==== Input

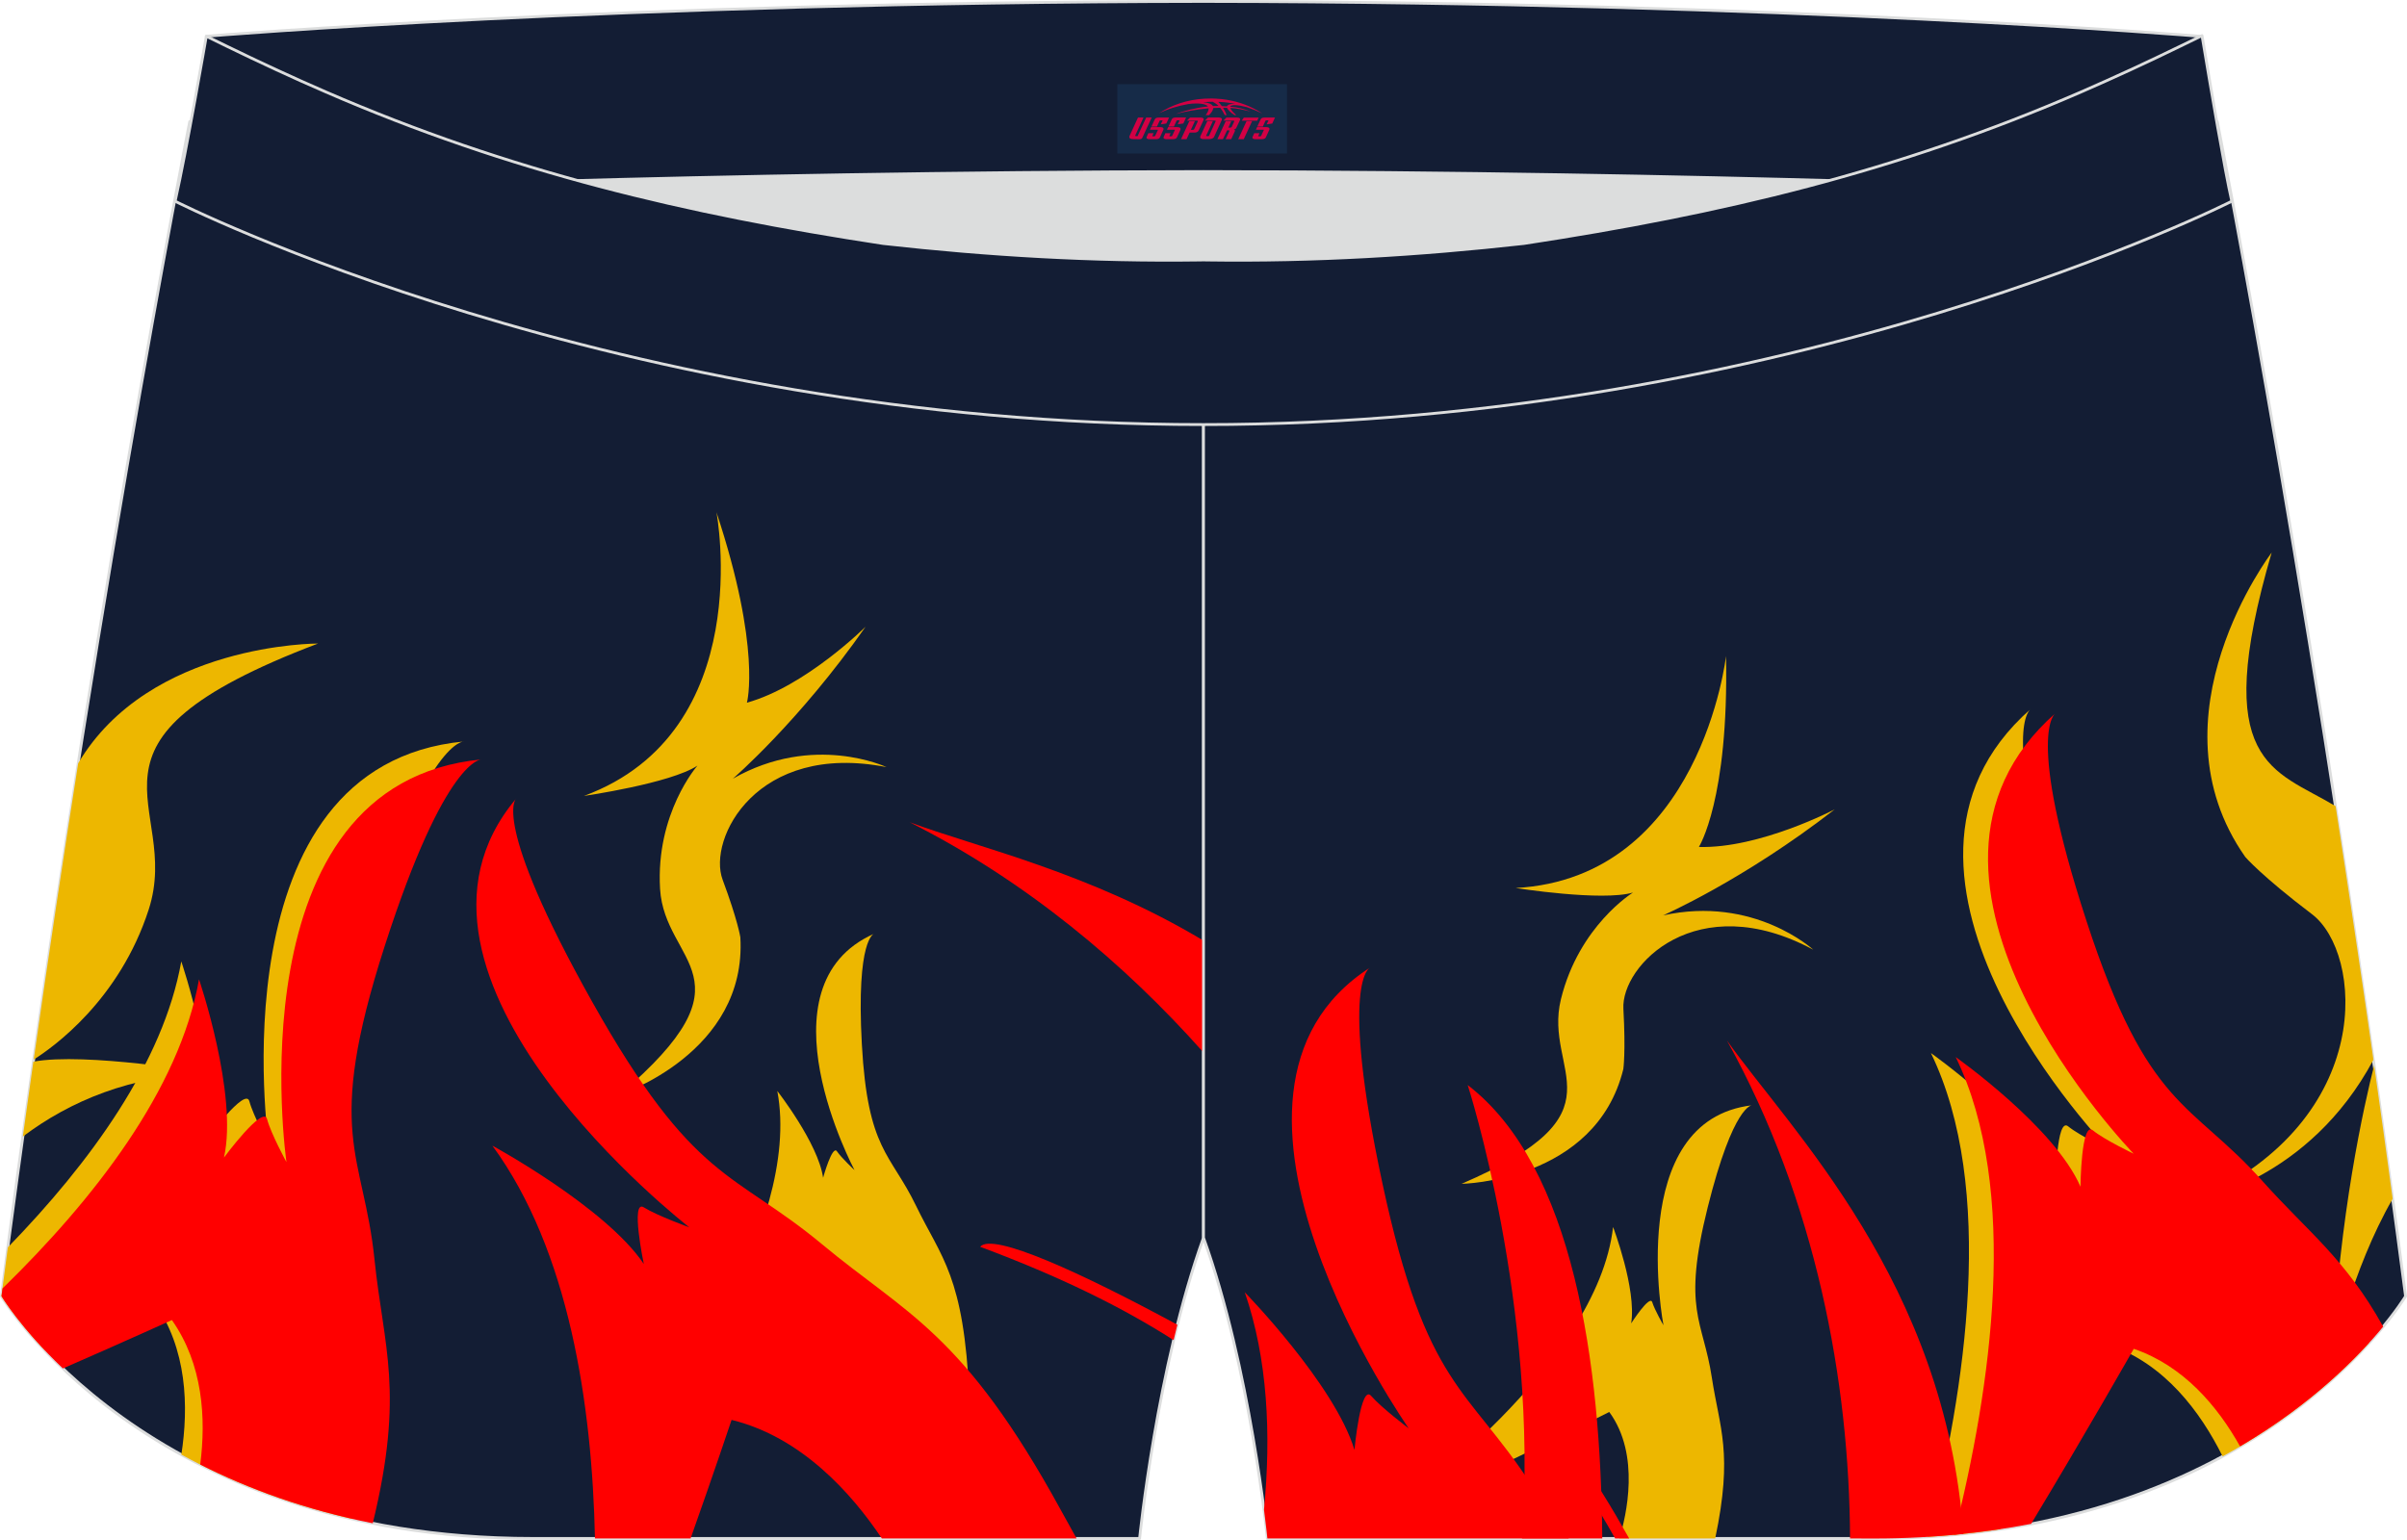 <?xml version="1.0" encoding="utf-8"?>
<!-- Generator: Adobe Illustrator 22.0.0, SVG Export Plug-In . SVG Version: 6.00 Build 0)  -->
<svg xmlns="http://www.w3.org/2000/svg" xmlns:xlink="http://www.w3.org/1999/xlink" version="1.1" id="图层_1" x="0px" y="0px" width="340.56px" height="217.94px" viewBox="0 0 340.56 217.94" enable-background="new 0 0 340.56 217.94" xml:space="preserve">
<g>
	
		<path fill="#131D34" stroke="#DCDDDD" stroke-width="0.4" stroke-linecap="round" stroke-linejoin="round" stroke-miterlimit="10" d="   M123.38,46.25c-38.19-5.81-64.25-13.27-96.54-29.03c0,0-14.83,75.21-26.64,166.24c0,0,20.45,34.28,75.19,34.28   c54.73,0,85.85,0,85.85,0s2.44-24.27,9.04-42.56V60.11l-0.44-11.42l0.44,11.42V48.68C154.53,48.88,138.91,48,123.38,46.25z"/>
	<g>
		<path fill="#EDB700" d="M65.65,104.94c0,0-5.1-0.39-13.73,26.42c-8.64,26.8-2.99,29.25-1.44,44.39c1.32,12.82,4.48,19.1-0.75,39.2    c-9.53-2.19-17.51-5.46-24.07-9.08c1.05-6.81,0.82-14.97-3.85-21.58c0,0-6.61,3-15.44,6.85c-4.24-4.47-6.17-7.69-6.17-7.69    c0.3-2.31,0.6-4.62,0.91-6.91c11.6-11.93,21.99-26.14,24.54-40.47c0,0,5.54,16.27,3.53,25.22c0,0,5.55-7.5,6.1-5.43    c0.55,2.06,2.74,6.08,2.74,6.08S30.26,108.29,65.65,104.94z"/>
		<path fill="#EDB700" d="M45,91.08c0,0-23.85-0.1-33.94,16.95C9,121.13,6.87,135.2,4.77,149.96c2.75-1.73,12.13-8.41,16.27-21.23    C25.91,113.62,7.83,105.19,45,91.08L45,91.08z M3.23,160.86c0.49-3.57,0.99-7.1,1.49-10.6c7.33-1.36,24.73,1.6,24.73,1.6    C18.52,152.21,9.94,155.81,3.23,160.86z"/>
		<path fill="#FF0000" d="M68.16,107.48c0,0-5.1-0.39-13.73,26.42c-8.64,26.8-2.99,29.25-1.44,44.39c1.28,12.4,4.28,18.71-0.25,37.3    c-9.57-1.9-17.66-4.89-24.41-8.31c0.84-6.57,0.38-14.21-4.01-20.45c0,0-6.6,3-15.42,6.85c-6.02-5.73-8.69-10.22-8.69-10.22    l0.14-1.1c12.87-12.56,25.02-28.08,27.81-43.75c0,0,5.54,16.27,3.53,25.22c0,0,5.55-7.5,6.1-5.43c0.55,2.06,2.74,6.07,2.74,6.07    S32.76,110.83,68.16,107.48z"/>
		<path fill="#EDB700" d="M87.68,154.92c0,0,18.04-5.9,17.07-22.27c0,0-0.36-2.38-2.51-8.15c-2.15-5.77,4.81-19.54,23.19-15.93    c0,0-10.31-4.89-21.74,1.64c0,0,9.4-8.1,18.78-21.51c0,0-8.5,8.46-16.79,10.75c0,0,2.09-7.62-4.31-26.95    c0,0,5.89,31.05-18.75,40.15c0,0,12.26-1.77,16.06-4.29c0,0-5.92,6.73-5.29,17.44C94.04,136.52,107.22,138.24,87.68,154.92z"/>
		<path fill="#EDB700" d="M123.68,132.15c0,0-2.56,0.62-1.74,15.65c0.83,15.03,4.05,15.38,7.66,22.84    c3.61,7.46,6.78,9.88,7.55,26.99l-13.34-0.1c0,0,0.88-12.38-6.62-17.95c0,0-20.73,20.13-24.4,21.31c0,0,20.85-27.02,17.19-46.48    c0,0,5.78,7.4,6.48,12.28c0,0,1.3-4.71,1.96-3.74c0.66,0.96,2.48,2.65,2.48,2.65S107,139.53,123.68,132.15z"/>
		<path fill="#FF0000" d="M73.04,113.01c0,0-3.71,2.98,10.72,28.73c14.44,25.74,20.03,23.95,32.56,34.37    c11.91,9.91,19.98,12.4,33.79,37.64c0.44,0.8,1.38,2.48,2.21,3.99h-27.55c-4.27-6.38-11.37-14.36-21.26-16.78    c0,0-2.47,7.39-5.8,16.78H84.18c-0.4-18.91-3.65-40.75-14.51-55.59c0,0,16.01,8.7,21.42,16.74c0,0-1.93-9.21,0-8.01    c1.93,1.2,6.43,2.82,6.43,2.82S51.77,138.25,73.04,113.01z"/>
		<path fill="#FF0000" d="M170.28,148.96c-11.18-12.59-25.14-24.3-41.58-32.59c9.39,3.51,25.42,7.06,41.58,16.76V148.96    L170.28,148.96z M166.05,189.67c-7.17-4.6-16-8.97-27.37-13.21c1.72-2.11,14.36,3.7,27.9,11.03    C166.4,188.21,166.23,188.94,166.05,189.67z"/>
	</g>
	
		<path fill="#131D34" stroke="#DCDDDD" stroke-width="0.4" stroke-linecap="round" stroke-linejoin="round" stroke-miterlimit="10" d="   M217.18,46.25c38.19-5.81,64.25-13.27,96.54-29.03c0,0,14.83,75.21,26.64,166.24c0,0-20.45,34.28-75.19,34.28   c-54.73,0-85.85,0-85.85,0s-2.44-24.27-9.04-42.56V60.11l0.44-11.42l-0.44,11.42V48.68C186.03,48.88,201.65,48,217.18,46.25z"/>
	<g>
		<path fill="#EDB700" d="M287.31,100.35c0,0-4.35,2.68,4.39,29.45c8.74,26.77,14.75,25.44,24.9,36.78    c7.11,7.95,12.62,11.53,18.59,23.5c-4.13,4.54-10.88,10.69-20.72,16.04c-3.13-6.29-8.18-13.1-16.08-15.79    c0,0-7.35,12.93-15.33,26.1c-3.28,0.5-6.71,0.87-10.31,1.09c5.34-20.78,9.69-49.4,0.45-68.48c0,0,14.04,9.92,17.66,18.35    c0,0,0.09-9.33,1.75-7.98s5.79,3.31,5.79,3.31S260.61,123.83,287.31,100.35z"/>
		<path fill="#EDB700" d="M321.41,78.21c0,0-17.68,23.22-3.73,43.08c0,0,2.3,2.69,9.44,8.1c7.14,5.42,9.27,28.9-16.23,40.41    c0,0,15.76-2.69,24.92-19.81c-1.78-12.52-3.59-24.54-5.35-35.89C321.73,108.85,312.63,108.3,321.41,78.21L321.41,78.21z     M335.91,150.78c0.88,6.18,1.76,12.49,2.62,18.89c-5.81,10.07-8.53,22.68-8.53,22.68C330.92,172.13,334.53,156.24,335.91,150.78z"/>
		<path fill="#FF0000" d="M290.83,100.93c0,0-4.35,2.68,4.39,29.45c8.73,26.77,14.75,25.44,24.89,36.78    c6.5,7.27,11.67,10.9,17.08,20.6c-3.5,4.25-10.04,10.96-20.25,16.95c-3.18-5.68-7.98-11.39-15.04-13.81    c0,0-6.86,12.07-14.52,24.77c-3.44,0.67-7.07,1.19-10.9,1.54c5.23-20.71,9.35-48.79,0.23-67.6c0,0,14.03,9.91,17.65,18.35    c0,0,0.09-9.33,1.75-7.98c1.66,1.35,5.78,3.31,5.78,3.31S264.13,124.41,290.83,100.93z"/>
		<path fill="#EDB700" d="M206.79,167.55c0,0,18.98-0.31,22.89-16.24c0,0,0.35-2.38,0.01-8.52c-0.35-6.15,10.36-17.25,26.86-8.38    c0,0-8.4-7.71-21.26-4.85c0,0,11.37-4.97,24.3-15.01c0,0-10.62,5.57-19.22,5.32c0,0,4.25-6.66,3.84-27.02    c0,0-3.54,31.4-29.76,32.83c0,0,12.24,1.93,16.6,0.64c0,0-7.64,4.68-10.2,15.1C218.29,151.85,230.38,157.38,206.79,167.55z"/>
		<path fill="#EDB700" d="M247.9,156.43c0,0-2.63-0.16-6.28,14.44c-3.65,14.61-0.67,15.89,0.58,24.08    c1.1,7.25,3.04,10.63,0.48,22.79h-13.56c0.97-3.15,3.02-11.84-1.43-17.9c0,0-25.76,13.11-29.6,13.15c0,0,27.9-19.66,30.14-39.33    c0,0,3.34,8.77,2.56,13.64c0,0,2.63-4.11,2.98-3c0.35,1.12,1.59,3.27,1.59,3.27S229.79,158.55,247.9,156.43z"/>
		<path fill="#FF0000" d="M193.85,136.94c0,0-4.43,1.75,1.76,30.61c6.19,28.86,12.07,28.79,20.96,42.45    c1.87,2.87,3.66,5.33,5.39,7.74h-42.64c0,0-0.15-1.52-0.48-4.07c1.03-10.71,0.52-21.39-2.72-30.77c0,0,12.73,13.04,15.52,22.31    c0,0,0.87-9.37,2.36-7.65c1.49,1.72,5.31,4.59,5.31,4.59S166.08,154.78,193.85,136.94z"/>
		<path fill="#FF0000" d="M261.76,217.74c-0.09-22.09-4.78-47.73-17.42-70.48c8.93,12.62,30.89,34.2,33.46,69.84    c-3.99,0.41-8.2,0.65-12.63,0.65L261.76,217.74L261.76,217.74z M228.52,217.74c-2.65-4.73-5.85-9.76-9.7-15.19    c1.97-0.59,6.53,6.03,11.69,15.19H228.52z"/>
		<path fill="#FF0000" d="M226.7,217.74c-0.18-24.65-4.03-52.64-19.04-64.17c0,0,10.09,31.14,7.68,64.17H226.7z"/>
	</g>
	<path fill="#DCDDDD" d="M217.18,46.25c32.31-4.91,55.94-11.01,82-22.32c-85.24-3.77-172.56-3.77-257.8,0   c26.06,11.31,49.69,17.41,82,22.32C152.9,49.57,187.66,49.57,217.18,46.25z"/>
	
		<path fill="#131D34" stroke="#DCDDDD" stroke-width="0.4" stroke-linecap="round" stroke-linejoin="round" stroke-miterlimit="10" d="   M41.38,26.9c0,0,57.06-2.52,128.9-2.62c71.84,0.1,128.9,2.62,128.9,2.62c4.74-2.06,7.2-19.34,12.17-21.76   c0,0-58.04-4.84-141.07-4.94C87.24,0.29,29.19,5.13,29.19,5.13C34.16,7.56,36.64,24.84,41.38,26.9z"/>
	
		<path fill="#131D34" stroke="#DCDDDD" stroke-width="0.4" stroke-linecap="round" stroke-linejoin="round" stroke-miterlimit="10" d="   M124.94,34.46c14.85,1.66,29.78,2.55,44.73,2.34l0.61-0.01l0.61,0.01c14.94,0.21,29.88-0.68,44.73-2.34   c28.02-4.27,52.81-10.15,78.82-21.44c4.73-2.06,9.42-4.23,14.06-6.49l3.06-1.49c1.29,7.74,3.2,18.96,4.21,23.44   c0,0-62.32,31.65-145.5,31.61C87.1,60.13,24.78,28.48,24.78,28.48c1.61-7.14,4.41-23.35,4.41-23.35l0.29,0.14l2.58,1.26   c4.64,2.26,9.32,4.44,14.06,6.49C72.13,24.31,96.92,30.19,124.94,34.46z"/>
	
</g>
<g id="tag_logo">
	<rect y="11.91" fill="#162B48" width="24" height="9.818" x="158.09"/>
	<g>
		<path fill="#D30044" d="M174.05,15.1l0.005-0.011c0.131-0.311,1.085-0.262,2.351,0.071c0.715,0.24,1.44,0.54,2.193,0.9    c-0.218-0.147-0.447-0.289-0.682-0.42l0.011,0.005l-0.011-0.005c-1.478-0.845-3.218-1.418-5.1-1.62    c-1.282-0.115-1.658-0.082-2.411-0.055c-2.449,0.142-4.68,0.905-6.458,2.095c1.26-0.638,2.722-1.075,4.195-1.336    c1.467-0.18,2.476-0.033,2.771,0.344c-1.691,0.175-3.469,0.633-4.555,1.075c1.156-0.338,2.967-0.665,4.647-0.813    c0.016,0.251-0.115,0.567-0.415,0.96h0.475c0.376-0.382,0.584-0.725,0.595-1.004c0.333-0.022,0.66-0.033,0.971-0.033    C172.88,15.54,173.09,15.89,173.29,16.28h0.262c-0.125-0.344-0.295-0.687-0.518-1.036c0.207,0,0.393,0.005,0.567,0.011    c0.104,0.267,0.496,0.66,1.058,1.025h0.245c-0.442-0.365-0.753-0.753-0.835-1.004c1.047,0.065,1.696,0.224,2.885,0.513    C175.87,15.36,175.13,15.19,174.05,15.1z M171.61,15.01c-0.164-0.295-0.655-0.485-1.402-0.551    c0.464-0.033,0.922-0.055,1.364-0.055c0.311,0.147,0.589,0.344,0.84,0.589C172.15,14.99,171.88,15,171.61,15.01z M173.59,15.06c-0.224-0.016-0.458-0.027-0.715-0.044c-0.147-0.202-0.311-0.398-0.502-0.6c0.082,0,0.164,0.005,0.24,0.011    c0.72,0.033,1.429,0.125,2.138,0.273C174.08,14.66,173.7,14.82,173.59,15.06z"/>
		<path fill="#D30044" d="M161.01,16.64L159.84,19.19C159.66,19.56,159.93,19.7,160.41,19.7l0.873,0.005    c0.115,0,0.251-0.049,0.327-0.175l1.342-2.891H162.17L160.95,19.27H160.78c-0.147,0-0.185-0.033-0.147-0.125l1.156-2.504H161.01L161.01,16.64z M162.87,17.99h1.271c0.36,0,0.584,0.125,0.442,0.425L164.11,19.45C164.01,19.67,163.74,19.7,163.51,19.7H162.59c-0.267,0-0.442-0.136-0.349-0.333l0.235-0.513h0.742L163.04,19.23C163.02,19.28,163.06,19.29,163.12,19.29h0.18    c0.082,0,0.125-0.016,0.147-0.071l0.376-0.813c0.011-0.022,0.011-0.044-0.055-0.044H162.7L162.87,17.99L162.87,17.99z M163.69,17.92h-0.78l0.475-1.025c0.098-0.218,0.338-0.256,0.578-0.256H165.41L165.02,17.48L164.24,17.6l0.262-0.562H164.21c-0.082,0-0.12,0.016-0.147,0.071L163.69,17.92L163.69,17.92z M165.28,17.99L165.11,18.36h1.069c0.06,0,0.06,0.016,0.049,0.044    L165.85,19.22C165.83,19.27,165.79,19.29,165.71,19.29H165.53c-0.055,0-0.104-0.011-0.082-0.06l0.175-0.376H164.88L164.65,19.37C164.55,19.56,164.73,19.7,165,19.7h0.916c0.24,0,0.502-0.033,0.605-0.251l0.475-1.031c0.142-0.3-0.082-0.425-0.442-0.425H165.28L165.28,17.99z M166.09,17.92l0.371-0.818c0.022-0.055,0.06-0.071,0.147-0.071h0.295L166.64,17.59l0.791-0.115l0.387-0.845H166.37c-0.24,0-0.48,0.038-0.578,0.256L165.32,17.92L166.09,17.92L166.09,17.92z M168.49,18.38h0.278c0.087,0,0.153-0.022,0.202-0.115    l0.496-1.075c0.033-0.076-0.011-0.12-0.125-0.12H167.94l0.431-0.431h1.522c0.355,0,0.485,0.153,0.393,0.355l-0.676,1.445    c-0.06,0.125-0.175,0.333-0.644,0.327l-0.649-0.005L167.88,19.7H167.1l1.178-2.558h0.785L168.49,18.38L168.49,18.38z     M171.08,19.19c-0.022,0.049-0.06,0.076-0.142,0.076h-0.191c-0.082,0-0.109-0.027-0.082-0.076l0.944-2.051h-0.785l-0.987,2.138    c-0.125,0.273,0.115,0.415,0.453,0.415h0.72c0.327,0,0.649-0.071,0.769-0.322l1.085-2.384c0.093-0.202-0.06-0.355-0.415-0.355    h-1.533l-0.431,0.431h1.38c0.115,0,0.164,0.033,0.131,0.104L171.08,19.19L171.08,19.19z M173.8,18.06h0.278    c0.087,0,0.158-0.022,0.202-0.115l0.344-0.753c0.033-0.076-0.011-0.12-0.125-0.12h-1.402l0.425-0.431h1.527    c0.355,0,0.485,0.153,0.393,0.355l-0.529,1.124c-0.044,0.093-0.147,0.18-0.393,0.18c0.224,0.011,0.256,0.158,0.175,0.327    l-0.496,1.075h-0.785l0.54-1.167c0.022-0.055-0.005-0.087-0.104-0.087h-0.235L173.03,19.7h-0.785l1.178-2.558h0.785L173.8,18.06L173.8,18.06z M176.37,17.15L175.19,19.7h0.785l1.184-2.558H176.37L176.37,17.15z M177.88,17.08l0.202-0.431h-2.1l-0.295,0.431    H177.88L177.88,17.08z M177.86,17.99h1.271c0.36,0,0.584,0.125,0.442,0.425l-0.475,1.031c-0.104,0.218-0.371,0.251-0.605,0.251    h-0.916c-0.267,0-0.442-0.136-0.349-0.333l0.235-0.513h0.742L178.03,19.23c-0.022,0.049,0.022,0.06,0.082,0.06h0.18    c0.082,0,0.125-0.016,0.147-0.071l0.376-0.813c0.011-0.022,0.011-0.044-0.049-0.044h-1.069L177.86,17.99L177.86,17.99z     M178.67,17.92H177.89l0.475-1.025c0.098-0.218,0.338-0.256,0.578-0.256h1.451l-0.387,0.845l-0.791,0.115l0.262-0.562h-0.295    c-0.082,0-0.12,0.016-0.147,0.071L178.67,17.92z"/>
	</g>
</g>
</svg>

========

About this exercise. I need every line of the material that includes "height", so please copy them out.

Exercise response.
<svg xmlns="http://www.w3.org/2000/svg" xmlns:xlink="http://www.w3.org/1999/xlink" version="1.1" id="图层_1" x="0px" y="0px" width="340.56px" height="217.94px" viewBox="0 0 340.56 217.94" enable-background="new 0 0 340.56 217.94" xml:space="preserve">
	<rect y="11.91" fill="#162B48" width="24" height="9.818" x="158.09"/>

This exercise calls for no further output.